Once it comes across this odorant,
the brain cell fires what we call a spike. You can pick up this spike,
and you know that the chemical is there. What if we can highjack this
and put it on devices? That's what we set out to do: take the processing power of a bee,
put in on a drone. That form factor alone
opens up new markets, new applications. And, most importantly,
it does so in a parsimonious way, in a simple way,
and in an energy-efficient way. Which means you don't have
to sacrifice computation at the altar of consuming so much energy. So, we put this to test. You see a drone? This drone is being powered
by live biological neurons. It has a sweep stage, a seek stage, and it's able to go to a chemical target using biological neurons. Now, what else can you do with this, apart from being able to detect materials? The dragonfly, with just 16 neurons, – 16 neurons! – achieves more freedom of flight than any plane ever built by man. If you combine
these two technologies together, you can do sensing on one side,
you can do control on the other hand, and that leads to computation, context-aware computation on devices, done with hardware that is
no more than the size of your thumb.

The future of robotics
is going to depend on this, because it's a particular application
that requires a small area, minimal consumption and cognition. So if you think you've seen
any dated deluge today, wait until ten years time.
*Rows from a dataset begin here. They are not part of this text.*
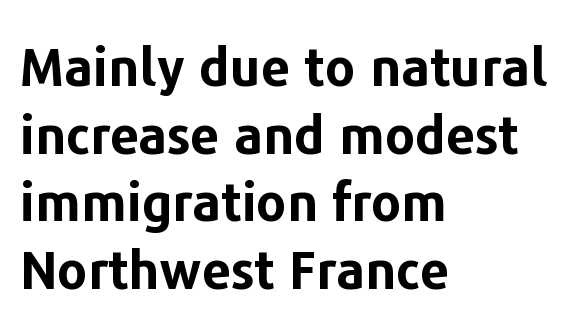
Q: Is the text bold? A: Yes.
Q: Is the text italic (slanted)? A: No, it is upright.
Q: Is the typeface a serif or a sans-serif typeface? A: Sans-serif.
Q: Is the text underlined? A: No.
Q: How is the paragraph aligned? A: Left-aligned.
Q: Is the spacing between letters normal or unusually wide? A: Normal.
Q: Is the spacing between lines tight, normal or loose? A: Normal.
Q: Width (condensed, normal, or wide)? A: Normal.
Q: Stroke contrast? A: Low.
Q: x-height? A: Medium.
Q: Monospaced? A: No.
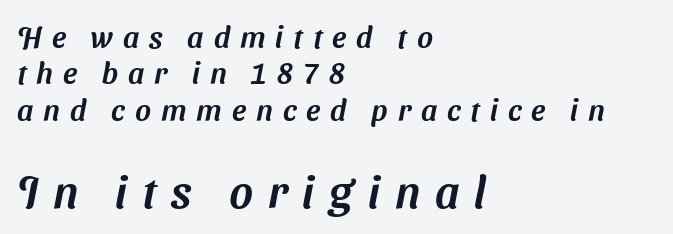
Q: Is the typeface a serif or a sans-serif typeface? A: Sans-serif.
Q: Is the text underlined? A: No.
Q: How is the paragraph aligned? A: Left-aligned.
Q: Is the spacing between letters normal or unusually wide? A: Unusually wide.
Q: Which block of text is set in a larger size, the first (top) or the second (bottom)? A: The second (bottom) one.
Q: Width (condensed, normal, or wide)? A: Normal.
Q: Stroke contrast? A: Medium.
Q: x-height? A: Medium.
Q: Monospaced? A: No.
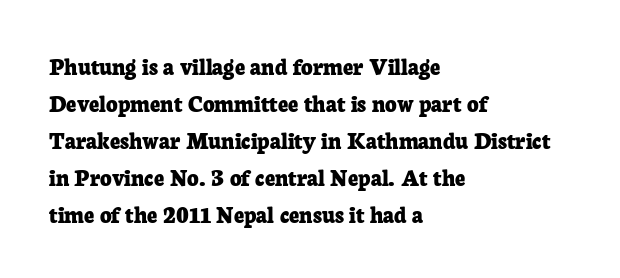
The image shows 25 px bold type, upright; set left-aligned, normal line spacing (1.48x), normal letter spacing, not underlined.
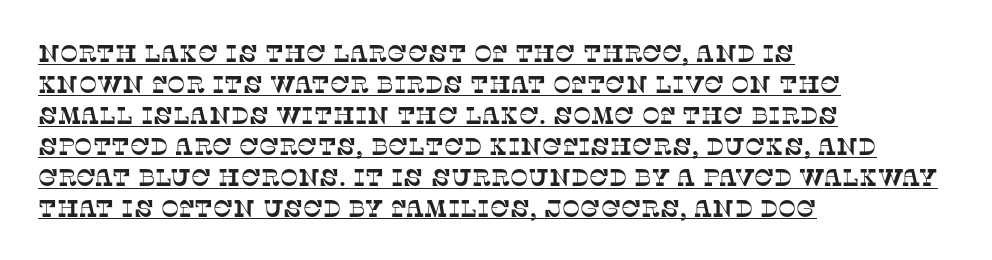
{"underline": "yes", "align": "left", "line_spacing": "normal", "line_spacing_ratio": 1.29, "letter_spacing": "normal", "letter_spacing_em": 0.0, "glyph_px": 24}
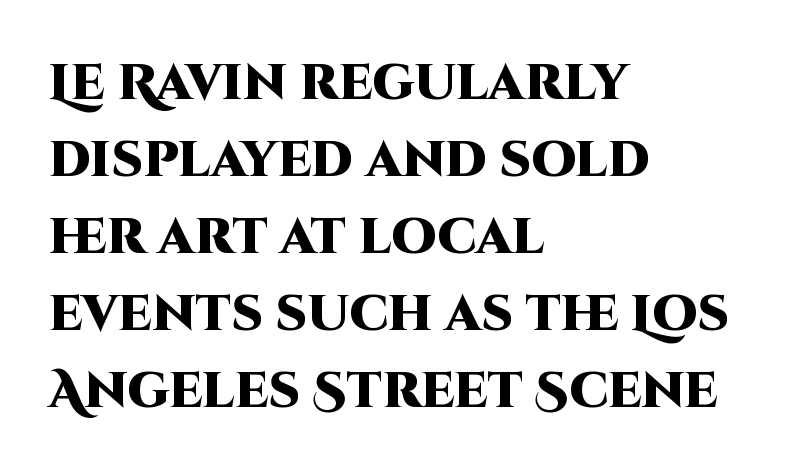
Q: Is the text bold? A: Yes.
Q: Is the text italic (slanted)? A: No, it is upright.
Q: Is the typeface a serif or a sans-serif typeface? A: Sans-serif.
Q: Is the text underlined? A: No.
Q: How is the paragraph aligned? A: Left-aligned.
Q: Is the spacing between letters normal or unusually wide? A: Normal.
Q: Is the spacing between lines tight, normal or loose? A: Normal.
Q: Width (condensed, normal, or wide)? A: Normal.
Q: Stroke contrast? A: High.
Q: x-height? A: Large.
Q: Monospaced? A: No.
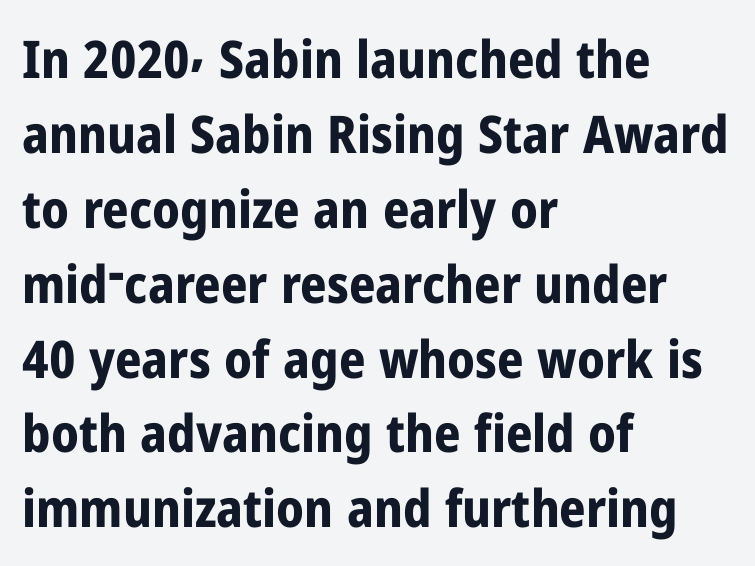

How are we going to power that
for everybody not for a selected few? Biology as technology
is the answer to that. Scientists are not stopping at this. With a single DNA strand
you can store several, several gigabytes of data. You can sequence the DNA
and code information into it. And the best part,
you can store it for thousands of years. In comparison to current systems,
which you have to change every five years, that is parsimonious consumption. That will last for thousands of years. This is not science fiction. George Church at Harvard
has already done this. Also, building with biology, in San Francisco today, people can build houses with mushrooms. That tells you not to smoke
in those houses. (Laughter) After you're done with the house,
it decomposes on its own. There is no greater urgency than for us
to start building with biology.

But we feel that the barrier to this is
that we don't see biology as technology. To see that, every time
you see a biological system, imagine solving
that same problem with machines. Then, you'll realize
how powerful biology is. I want all of you to walk out of here
with this mindset: efficient, powerful technology
without waste. Because I am fundamentally optimistic
about our future that we do not have to sacrifice
technological progress for the sake of the environment
or of consumption. It is possible to do sensible consumption. And biology being technology
is a core part of that. And that is where I feel you can help, to support this effort that more companies or more people begin to build
with biology from scratch. Thank you. (Applause).